→ **Brief**:
Every line from the one bearing "Transcribe the Devanagari" through the last line of the records below is to be output exactly, and no other line; leave out the pictures.

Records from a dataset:
^^^^

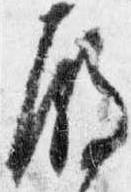
殿
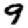
Digit: 9
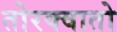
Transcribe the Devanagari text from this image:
तोरक्वातो
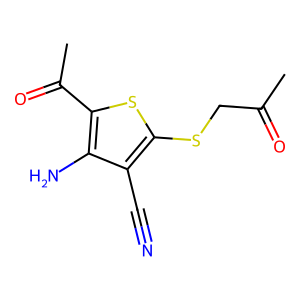
SMILES: CC(=O)CSc1sc(C(C)=O)c(N)c1C#N
Inhibits HIV replication: No
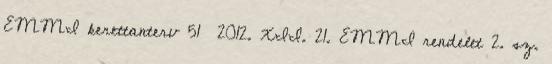
EMMI kerettanterv 51 2012. XII. 21. EMMI rendelet 2. sz.
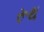
રૂથ
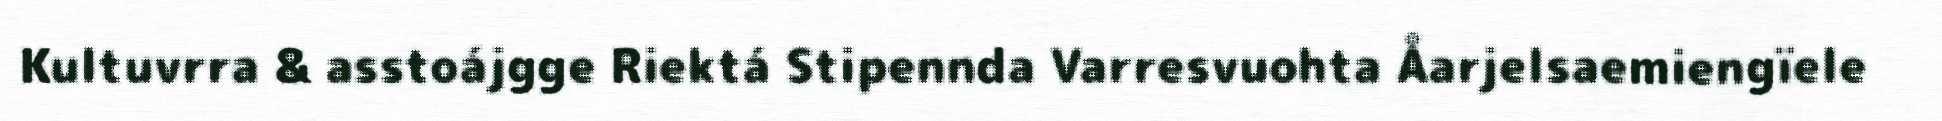
Kultuvrra & asstoájgge Riektá Stipennda Varresvuohta Åarjelsaemiengïele

^^^^

→ **Task result**:
Transcribe the Devanagari text from this image:
तोरक्वातो
SMILES: CC(=O)CSc1sc(C(C)=O)c(N)c1C#N
Inhibits HIV replication: No
EMMI kerettanterv 51 2012. XII. 21. EMMI rendelet 2. sz.
રૂથ
Kultuvrra & asstoájgge Riektá Stipennda Varresvuohta Åarjelsaemiengïele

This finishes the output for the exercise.